Objectives

Develop new multi-objective metrics for quantitative assessment and analysis of the energy profile of algorithms

The target of this objective is to develop new energy metrics, which will form the first steps towards the limits of minimum energy consumption for a given simulation problem by allowing the quantification of the total energy demanded by running the simulation on a super computer. These metrics will pave the way for energy-aware simulations including the conjunction with minimisation of time to solution and other boundary conditions like accuracy and performance.

 

The main challenge is related to the fact that we not only need to identify the right setup for measuring sensors and hardware counters to acquire detailed insights about the power consumption with respect to the hardware, but also need to establish the link between the different layers of the algorithm and software stack underlying the considered application. This will be achieved by means of multi-objective metrics where the energy consumption, the performance and accuracy will be treated together, both considering mathematical models and measurements of the energy footprint. This analysis will lead to the definition of optimal scenarios, where the energy consumption as a constraint will be weighted in an adequate way.

Develop an advanced and detailed power consumption monitoring and profiling

This objective aims at developing a new generic methodology to quantify the power consumption of individual hardware components for the different software layers of HPC systems. The main challenge to reach this target lies within the complex heterogeneity of future hardware platforms, which will aggregate a very large number of nodes (e.g. more than 100.000) with each of these nodes featuring different devices. Only the detailed monitoring and profiling of the power consumption will allow for precisely identifying energy-intensive communication between the devices, for example inefficient idle states and latencies, when applying energy saving modes. This target will render an inter-device communication mechanism aiming at minimising the energy consumption.

Develop new smart algorithms using energy-efficient software models

This objective aims at developing highly adaptable and versatile algorithms on different programming levels from assembly to higher programming language by developing new software models and programming methodologies, which strive for the minimal energy consumption on the given hardware. The main challenge is to develop highly flexible models and methodologies, which can be easily adapted for any architecture and which do not need to be individually adapted. The flexibility of the developed algorithms is reached by maintaining the modularity of the small kernels and subroutines (popularly known as algorithmic dwarfs), in order to efficiently combine them in the advanced libraries such as linear system solvers, pre-conditioners, adaptive mesh generators/refiners. This flexibility will ensure the viability of this approach as different adaptation for different architecture is time- and especially cost-intensive. The resulting libraries/linear system solvers will be used in COSMO-ART as part of the proof of concept.

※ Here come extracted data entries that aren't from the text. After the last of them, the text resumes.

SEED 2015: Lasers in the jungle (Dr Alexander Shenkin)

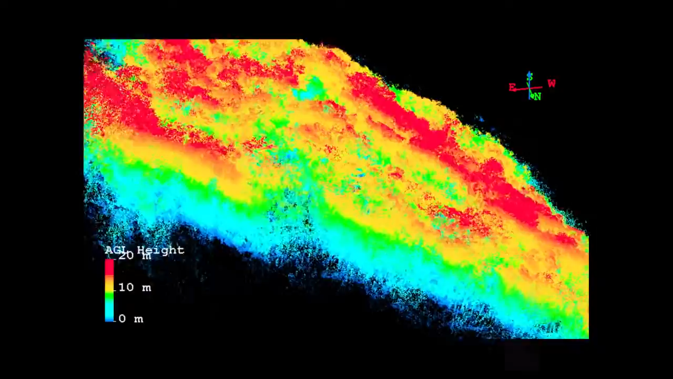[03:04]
You get a sense that you see this blue underneath that you actually have quite rich data that come from these forests.
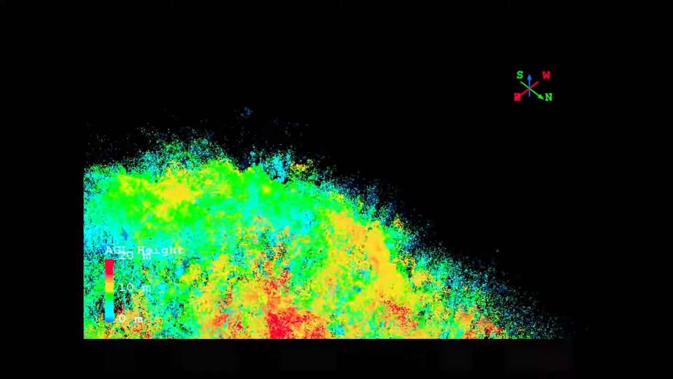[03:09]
If we go around the corner to our next plot in Esperanza, the forest is a bit taller.
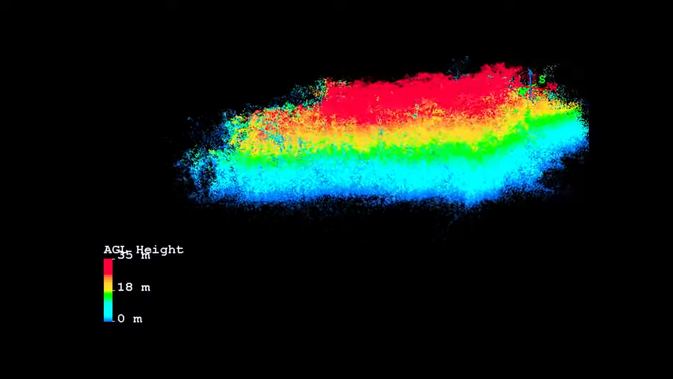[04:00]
But also, it might be difficult to parse apart all these point clouds and figure out what is actually happening in kind of this mess of points. So here's another plot right down the road from the one we just saw.
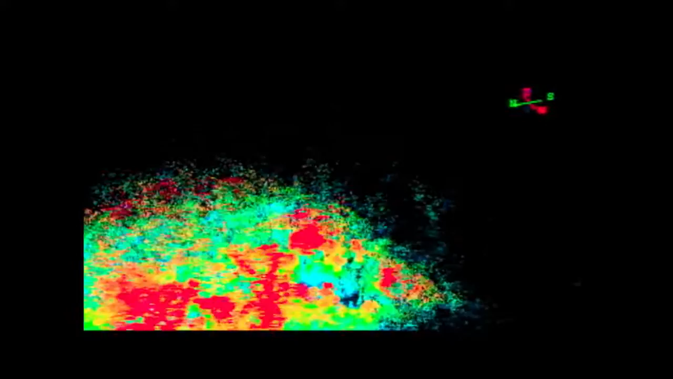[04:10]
And I'm going to highlight some work that our colleague Alvaro Sarmento has been doing at Wageningen,
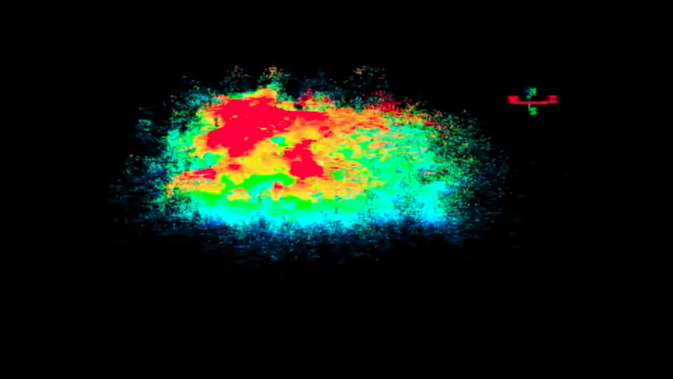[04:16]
which is you go in and you can isolate a particular tree.
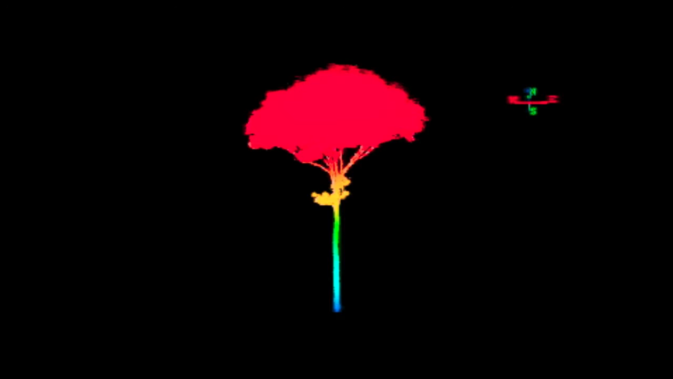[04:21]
And you cut that out from the point cloud and it actually is just this really rich source of information. And you can really see individual branches, the lengths of these branches, the width of these branches.
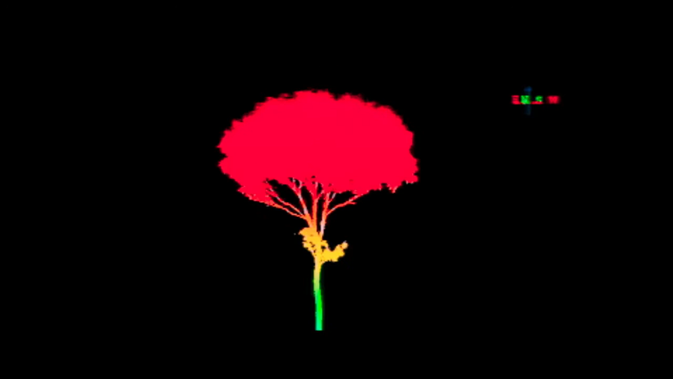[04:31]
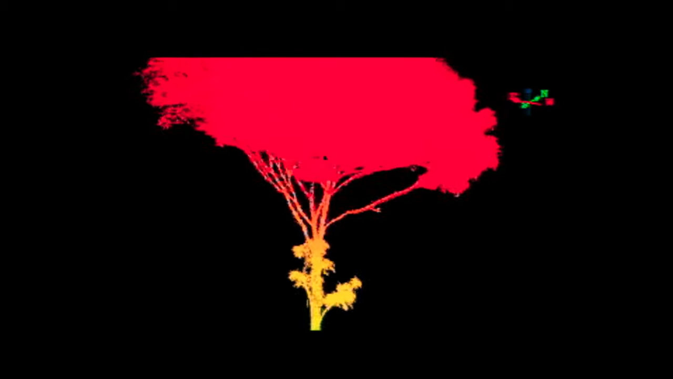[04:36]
You can imagine what kind of carbon measurements you could do on this when you really have a fuller sense of
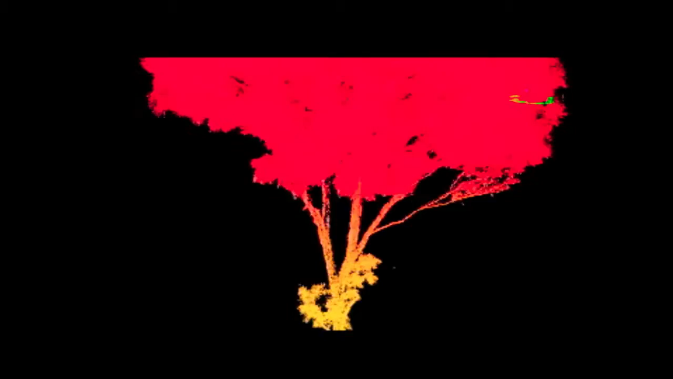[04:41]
the volume of this of all the woody parts of the tree.
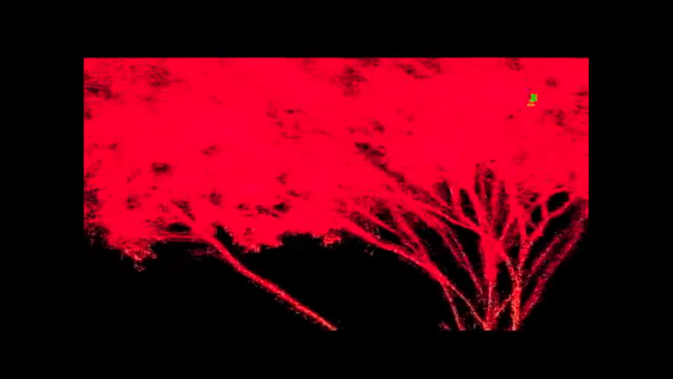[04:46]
You can see where the leaves are for the most part.
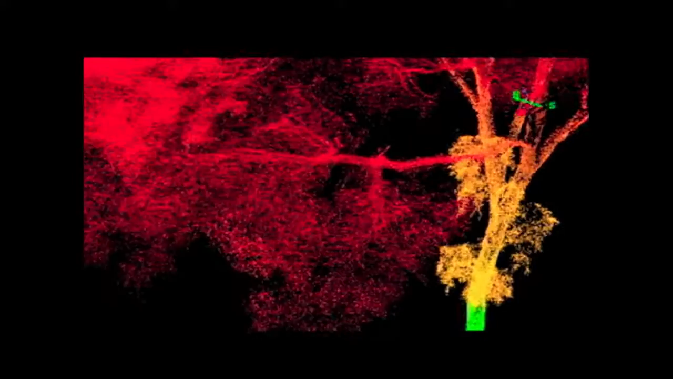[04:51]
And you can see just very detailed information that you would have to climb a tree to really get in the past.
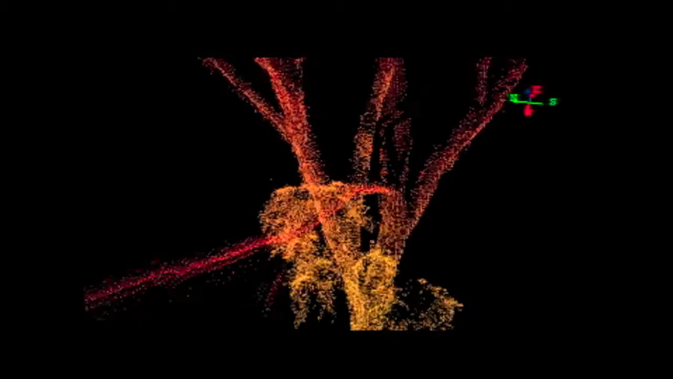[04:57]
And now you can do it from the comfort of your desktop. It's not, of course, a replacement for being in the forest.
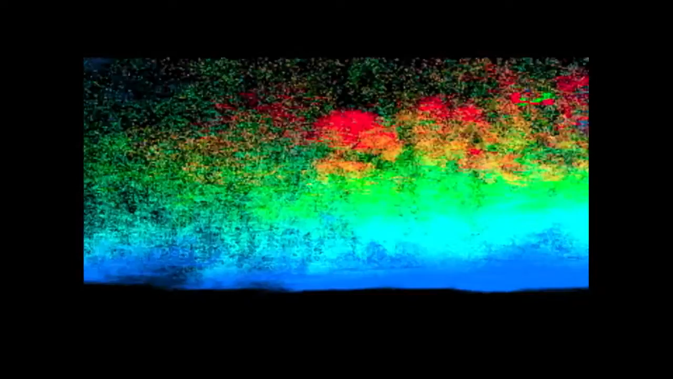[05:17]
conclusions about branch architecture and lots of these questions that have been kind of intransigent in the past.
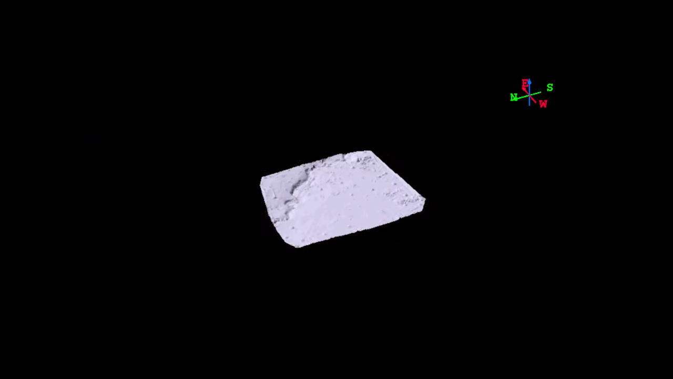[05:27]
We can also get these digital elevation models. So this is just of the same plot, an image of the ground.
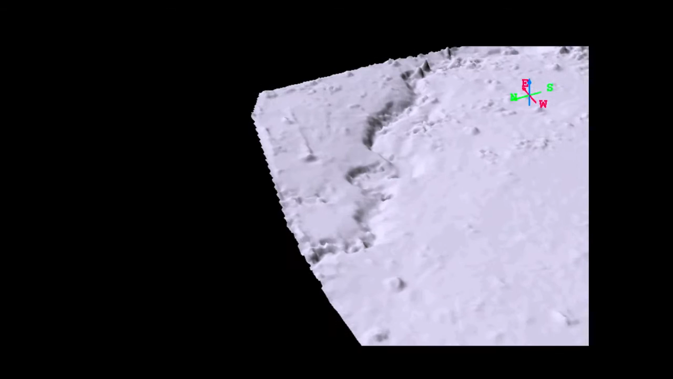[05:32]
And you can see there's a river that goes through the plot.
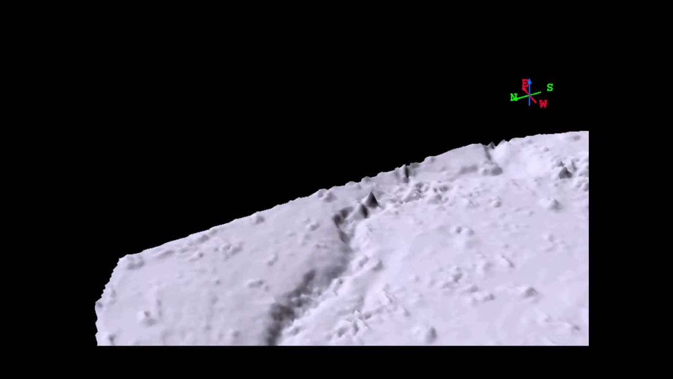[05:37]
So now we can have a sense of the context of these forests, where these species are placed within the plot,
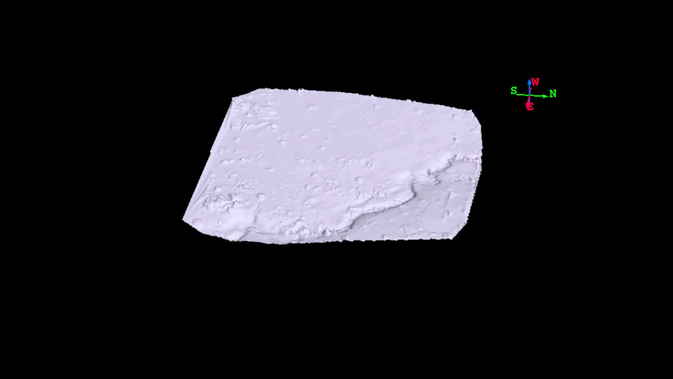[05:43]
how these species sort out in the hydrological regime of these forests, sorry, of these topographies.

Develop a smart, power-aware scheduling technology for High Performance Clusters

This objective addresses the vital subject of smart and power-aware hardware setups for high performance clusters. This will be a critical issue for exascale computing as the dissipation of hardware setups becomes increasingly important with the complexity of the system. The main challenge is to avoid hotspots and to maintain spatially homogeneous heat dissipation. With the increasing homogeneity of heat distribution, the cooling systems can work with higher efficiency. This in turn will contribute significantly to the foundation of hardware technology with minimised energy consumption. In addition, this will also improve the reliability and half-time of the distinct devices and therefore lead to smaller environmental impacts by reducing the number of new acquisitions and the amount of “hardware waste”. To achieve this goal, new schemes are developed to schedule the tasks on modern hardware platforms efficiently over the computing nodes, focusing on avoiding data-intensive and flop-intensive areas and on the reduction of hotspot potential. The novelty of the approach is that the scalability properties of the considered application will be taken into account in the scheduling strategy.

Conduct a proof of concept using the weather forecast model COSMO-ART

The target of this objective is to provide a proof of concept for the methodologies and technologies developed in the Exa2Green project. The COSMO model will serve as a highly relevant example of a computing intensive simulation, whose energy profile is currently far from optimal. The COSMO model is a weather forecast model which has become a standard all over Europe. Beside the federal weather forecast stations in Germany (Deutscher Wetterdienst, DWD), Switzerland (MeteoSchweiz, MCH), Italy (Ufficio Generale Spazio Aereo e Meteorologia, USAM), Greece (Hellenic National Meteorological Service, HNMS), Poland (Institute of Meteorology and Water Management, IMGW), Romania (National Meteorological Administration, NMA), and Russia (Federal Service for Hydrometeorology and Environmental Monitoring, RHM), also a large number of agencies, including military and research institutions base their forecasts on COSMO. The main challenge of this objective is induced by the aerosols and chemistry models used for the simulations by COSMO-ART or COSMO-HAM. Due to the widespread use of COSMO, improving its power and energy profile should not only be seen as a model of how simulations' energy footprints can be optimised, but also as a milestone in the energy-efficient European weather forecast simulation.